If you cannot Boot into Windows then run Windows 7 (F8) recovery and choose Startup Repair option -> http://windows.microsoft.com/en-US/windows7/What-are-the-system-recovery-options-in-Windows-7

If you can Boot into Windows and the SSD OS Drive 'disappears' occasionally, reboots or has odd behavior then I would look at the registry, Start = 3 in AHCI is incorrect an loads the wrong drivers, it 'should be' Start = 0; see -> http://support.microsoft.com/kb/922976

Under AHCI they should look like this:
AHCI_Start_0.jpg


BTW Marvell 912x is limited to 360~380 MB/s, reason x1 PCIe lane whereas 918x is x2 lanes.
 
I have 10 P6X58D-E - 120GB SSD + RAID 1.

What EXACT SATA Ports and what EXACT BIOS settings over Defaults?

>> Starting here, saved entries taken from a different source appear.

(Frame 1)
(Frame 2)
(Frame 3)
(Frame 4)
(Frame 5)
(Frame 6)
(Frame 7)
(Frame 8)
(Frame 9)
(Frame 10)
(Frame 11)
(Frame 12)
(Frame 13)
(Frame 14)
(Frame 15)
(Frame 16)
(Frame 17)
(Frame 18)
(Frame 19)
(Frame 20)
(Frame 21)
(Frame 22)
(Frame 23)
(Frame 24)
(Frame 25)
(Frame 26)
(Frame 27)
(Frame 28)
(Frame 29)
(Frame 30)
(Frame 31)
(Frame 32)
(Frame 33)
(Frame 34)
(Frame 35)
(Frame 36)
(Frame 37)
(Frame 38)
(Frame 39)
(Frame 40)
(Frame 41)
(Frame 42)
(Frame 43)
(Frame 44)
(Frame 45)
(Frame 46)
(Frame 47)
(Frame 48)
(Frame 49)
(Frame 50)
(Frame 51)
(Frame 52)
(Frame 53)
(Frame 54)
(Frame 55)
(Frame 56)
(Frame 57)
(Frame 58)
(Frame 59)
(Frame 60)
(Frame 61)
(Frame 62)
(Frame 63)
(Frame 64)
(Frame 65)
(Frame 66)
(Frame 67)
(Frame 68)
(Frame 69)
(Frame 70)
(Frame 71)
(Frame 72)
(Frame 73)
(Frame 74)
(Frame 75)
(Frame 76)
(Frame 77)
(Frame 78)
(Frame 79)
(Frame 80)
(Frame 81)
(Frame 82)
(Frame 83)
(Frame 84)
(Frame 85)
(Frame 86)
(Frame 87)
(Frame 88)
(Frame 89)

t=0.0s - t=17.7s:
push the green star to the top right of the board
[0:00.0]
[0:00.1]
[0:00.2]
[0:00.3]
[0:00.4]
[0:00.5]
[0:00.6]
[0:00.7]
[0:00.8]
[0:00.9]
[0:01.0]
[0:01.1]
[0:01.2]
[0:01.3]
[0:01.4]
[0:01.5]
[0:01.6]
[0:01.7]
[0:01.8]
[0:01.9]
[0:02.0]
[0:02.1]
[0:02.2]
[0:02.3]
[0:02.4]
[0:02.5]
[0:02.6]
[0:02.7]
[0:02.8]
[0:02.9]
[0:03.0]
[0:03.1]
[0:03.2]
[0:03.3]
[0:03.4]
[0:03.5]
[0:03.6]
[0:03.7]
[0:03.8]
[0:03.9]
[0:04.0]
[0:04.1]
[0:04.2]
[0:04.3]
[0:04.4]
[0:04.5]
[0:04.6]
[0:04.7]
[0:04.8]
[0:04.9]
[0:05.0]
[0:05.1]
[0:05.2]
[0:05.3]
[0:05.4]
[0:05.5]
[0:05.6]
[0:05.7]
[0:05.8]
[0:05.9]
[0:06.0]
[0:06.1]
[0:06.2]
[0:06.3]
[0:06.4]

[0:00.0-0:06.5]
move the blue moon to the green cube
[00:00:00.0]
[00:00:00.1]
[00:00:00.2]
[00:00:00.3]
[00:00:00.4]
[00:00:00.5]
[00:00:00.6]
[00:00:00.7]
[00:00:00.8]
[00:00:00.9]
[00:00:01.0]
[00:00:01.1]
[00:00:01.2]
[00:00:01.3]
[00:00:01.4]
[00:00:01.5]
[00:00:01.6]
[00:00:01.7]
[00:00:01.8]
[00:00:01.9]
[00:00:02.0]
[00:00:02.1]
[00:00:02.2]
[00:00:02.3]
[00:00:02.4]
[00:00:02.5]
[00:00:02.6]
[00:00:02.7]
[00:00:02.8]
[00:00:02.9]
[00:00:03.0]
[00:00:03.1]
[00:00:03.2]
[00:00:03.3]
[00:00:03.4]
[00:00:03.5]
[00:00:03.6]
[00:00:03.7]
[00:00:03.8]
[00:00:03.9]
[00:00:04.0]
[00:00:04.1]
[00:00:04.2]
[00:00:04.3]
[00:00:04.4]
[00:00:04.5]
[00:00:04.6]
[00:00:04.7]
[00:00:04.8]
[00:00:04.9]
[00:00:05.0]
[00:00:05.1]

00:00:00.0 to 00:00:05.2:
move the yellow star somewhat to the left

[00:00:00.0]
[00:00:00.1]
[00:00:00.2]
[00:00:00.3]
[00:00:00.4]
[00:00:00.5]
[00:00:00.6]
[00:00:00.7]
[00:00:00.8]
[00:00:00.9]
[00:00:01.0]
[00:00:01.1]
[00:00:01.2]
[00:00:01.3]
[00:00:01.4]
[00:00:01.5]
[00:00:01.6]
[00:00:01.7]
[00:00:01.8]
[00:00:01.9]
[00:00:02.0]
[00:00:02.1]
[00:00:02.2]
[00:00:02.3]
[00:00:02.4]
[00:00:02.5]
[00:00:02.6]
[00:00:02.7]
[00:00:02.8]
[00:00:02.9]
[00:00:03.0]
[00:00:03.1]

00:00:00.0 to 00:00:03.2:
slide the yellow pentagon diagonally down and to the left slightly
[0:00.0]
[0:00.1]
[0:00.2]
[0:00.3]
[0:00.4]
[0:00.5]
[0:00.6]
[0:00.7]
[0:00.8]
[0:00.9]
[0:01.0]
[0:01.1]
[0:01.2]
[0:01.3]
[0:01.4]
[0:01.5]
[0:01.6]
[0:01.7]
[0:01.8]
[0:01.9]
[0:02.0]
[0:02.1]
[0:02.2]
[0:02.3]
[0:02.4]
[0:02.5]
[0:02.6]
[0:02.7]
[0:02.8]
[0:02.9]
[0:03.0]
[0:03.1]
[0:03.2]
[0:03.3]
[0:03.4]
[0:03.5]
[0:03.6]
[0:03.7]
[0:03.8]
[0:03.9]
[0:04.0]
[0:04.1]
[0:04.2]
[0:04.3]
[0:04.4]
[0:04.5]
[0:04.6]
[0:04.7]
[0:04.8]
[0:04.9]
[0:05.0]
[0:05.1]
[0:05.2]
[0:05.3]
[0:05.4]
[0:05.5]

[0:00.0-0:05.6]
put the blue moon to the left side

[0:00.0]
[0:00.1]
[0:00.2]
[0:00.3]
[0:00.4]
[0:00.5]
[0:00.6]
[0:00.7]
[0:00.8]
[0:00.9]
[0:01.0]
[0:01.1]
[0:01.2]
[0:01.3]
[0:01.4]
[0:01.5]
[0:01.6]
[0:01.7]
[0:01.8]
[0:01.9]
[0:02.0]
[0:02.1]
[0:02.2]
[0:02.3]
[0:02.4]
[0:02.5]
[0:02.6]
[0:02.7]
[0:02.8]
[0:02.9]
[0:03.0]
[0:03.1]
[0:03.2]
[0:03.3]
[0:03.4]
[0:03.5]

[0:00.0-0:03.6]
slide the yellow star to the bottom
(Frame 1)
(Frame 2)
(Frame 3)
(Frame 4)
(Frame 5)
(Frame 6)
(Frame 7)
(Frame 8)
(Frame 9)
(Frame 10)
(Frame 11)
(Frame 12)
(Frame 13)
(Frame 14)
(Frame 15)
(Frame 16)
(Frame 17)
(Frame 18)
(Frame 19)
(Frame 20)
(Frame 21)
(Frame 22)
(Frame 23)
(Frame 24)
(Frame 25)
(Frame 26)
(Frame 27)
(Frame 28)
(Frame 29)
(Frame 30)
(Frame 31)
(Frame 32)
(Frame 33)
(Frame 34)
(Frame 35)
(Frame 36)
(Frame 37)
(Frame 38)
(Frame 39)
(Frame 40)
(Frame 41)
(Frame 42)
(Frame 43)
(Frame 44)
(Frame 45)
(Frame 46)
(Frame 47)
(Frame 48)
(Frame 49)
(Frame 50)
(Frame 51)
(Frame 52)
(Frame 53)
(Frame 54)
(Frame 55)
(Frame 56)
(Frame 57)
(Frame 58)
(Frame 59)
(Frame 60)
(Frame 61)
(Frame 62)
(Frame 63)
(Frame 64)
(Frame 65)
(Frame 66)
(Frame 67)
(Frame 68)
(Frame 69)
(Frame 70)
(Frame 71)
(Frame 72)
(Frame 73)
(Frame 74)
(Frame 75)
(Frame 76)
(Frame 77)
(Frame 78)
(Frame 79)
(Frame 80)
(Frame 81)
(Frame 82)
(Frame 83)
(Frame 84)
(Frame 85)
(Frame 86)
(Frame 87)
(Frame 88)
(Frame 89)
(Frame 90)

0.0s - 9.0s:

Especially the SATA settings? IMO - I would absolutely look the registry as I showed you above.

Q - see above and...
Q - What BIOS version?
Q - What Marvell driver version?
Q - What SSD Firmware version?
Q - Intel Matrix Storage Manager version?

IMO - it's fine to RAID 0 HDD's as long as ALL of the data has no importance and is copied on your 3TB; otherwise it's a bad idea.